Can Microsoft Stomp Out The iPhone?

So much for letting the best product win. According to the Wall Street Journal, 13-14 March 2010, Microsoft is forcing their employees to “choose” Microsoft phones for personal use and to push those who don’t into hiding.

Is this a joke or a genuine throwback to the Middle Ages?

Apparently this is real: “Last September, at an all-company meeting in a Seattle sports stadium, one hapless employees used his iPhone to snap photos of Microsoft Chief Executive Steve Ballmer. Mr. Ballmer snatched the iPhone out of the employee’s hands, placed it on the ground, and pretended to stomp on it in front of thousands of Microsoft workers.” That sends a pretty clear message!

I guess the employee can consider himself lucky that Mr. Ballmer didn’t put him (instead of the iPhone) on the ground underneath his foot or perhaps maybe even just burn him at the stake for heresy against Microsoft.

Further, in 2009, Microsoft “modified its corporate cellphone policy to only reimburse service fees for employees using phones that run on Windows.”

While many workers at Microsoft can evidently be seen with iPhones, others are feeling far from safe and comfortable doing this. According to the article, one employee told of how when he meets with Mr. Ballmer (although infrequently), he does not answer his iPhone no matter who is calling! Another executive that was hired into Microsoft in 2008 told of how he renounced and “placed his personal iPhone into an industrial strength blender and destroyed it.”

Apparently, Mr. Ballmer told executives that his father worked for Ford Motor Co. and so they always drove Ford cars. While that may be a nice preference and we can respect that, certainly we are “big boys and girls” and can let people pick and choose which IT products they select for their own personal use.

While many employees at Microsoft have gone underground with their iPhones, “nearly 10,000 iPhone users were accessing the Microsoft employees email systems last year,” roughly 10% of their global workforce.

My suggestion would be that instead of scaring the employees into personally using only Microsoft-compatible phones, they can learn from their employees who choose the iPhone—which happens to have a dominant market share at 25.1% to Microsoft 15.7%—in terms why they have this preference and use this understanding to update and grow the Microsoft product line accordingly. In fact, why isn’t Microsoft leveraging to the max the extremely talented workforce they have to learn everything they can about the success of the iPhone?
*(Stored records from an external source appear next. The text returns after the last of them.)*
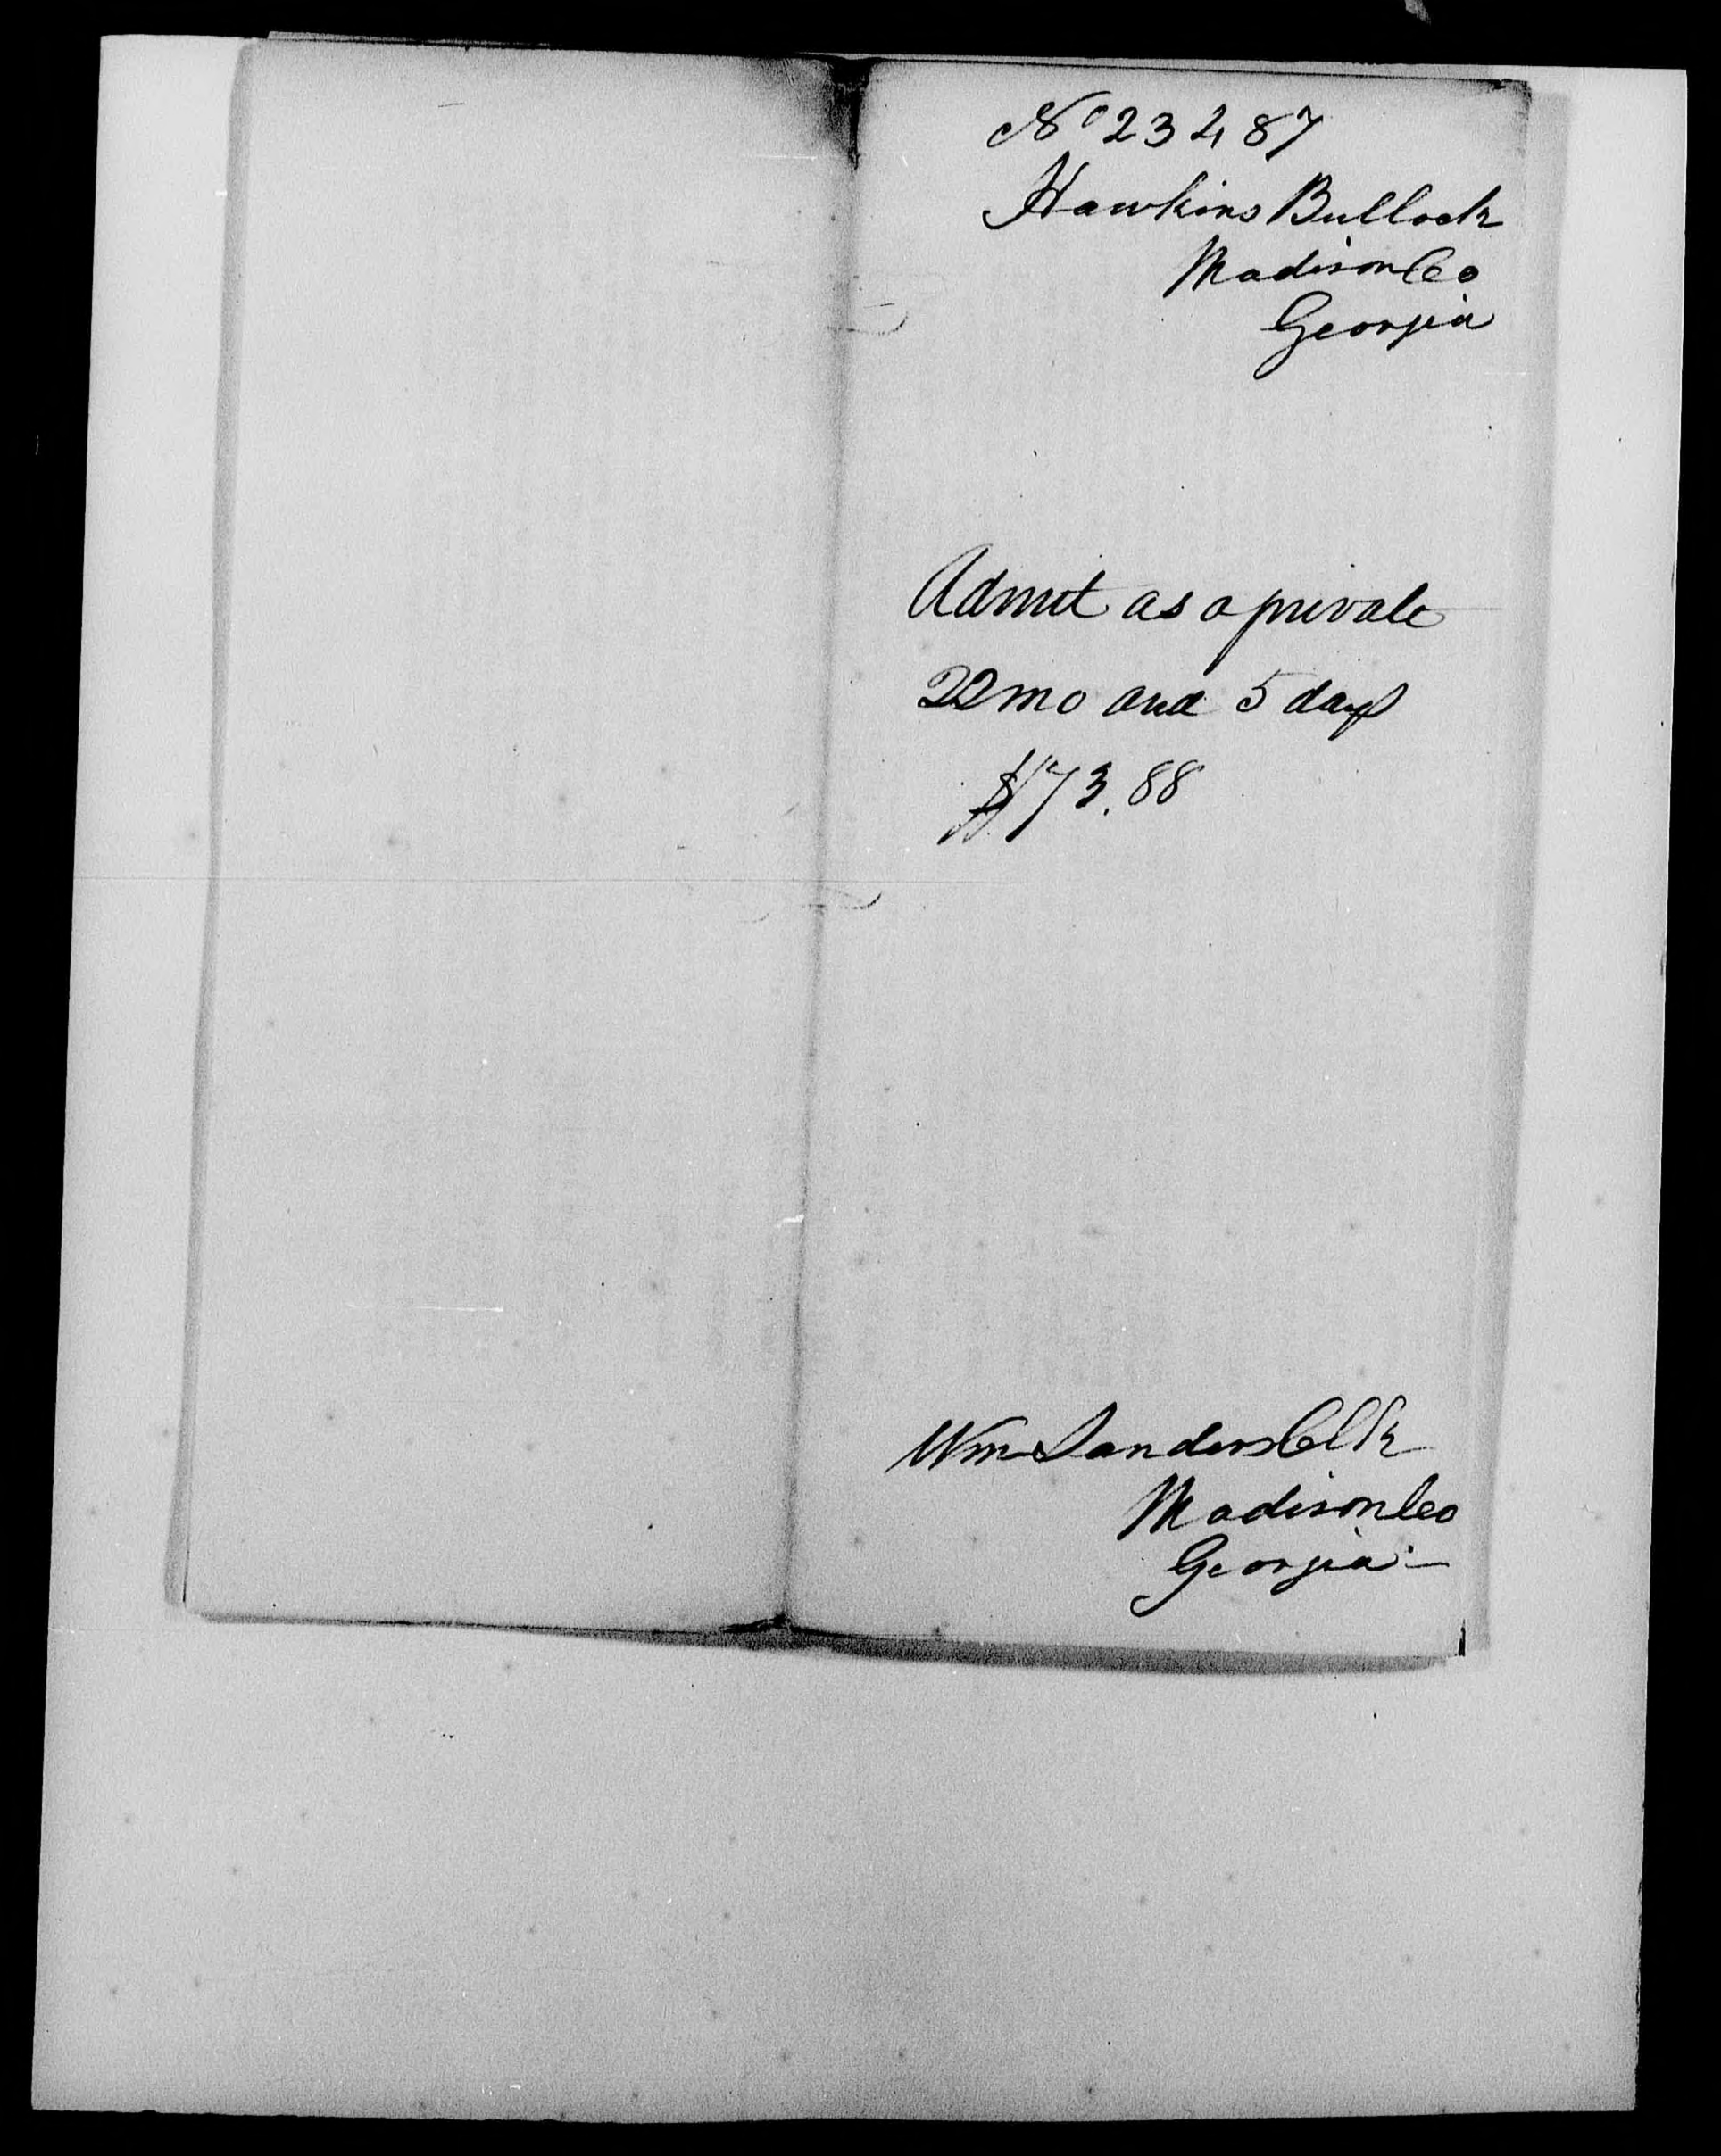No 23487
Hawkins Bullock
Madison Co
Georgia

Admit as a private
22 mo and 5 days
$173.88

Wm Sanders Clk
Madison Co
Georgia

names: Hawkins Bullock, Wm Sanders
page: 7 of 24
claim: survivor's
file: S. 31,586, Hawkins Bullock, S.C.

It’s one thing to set architecture standards for corporate use, and it’s quite another to tell employees what to do personally. It seems like there is a definite line being crossed explicitly and implicitly in doing this.

What’s really concerning is that organizations think that forcing their products usage by decree to their employees somehow negates their losing the broader product wars out in the consumer market.

Obviously, IT products don’t win by decree but by the strength of their offering, and as long as Microsoft continues to play medieval, they will continue to go the way of the horse and buggy.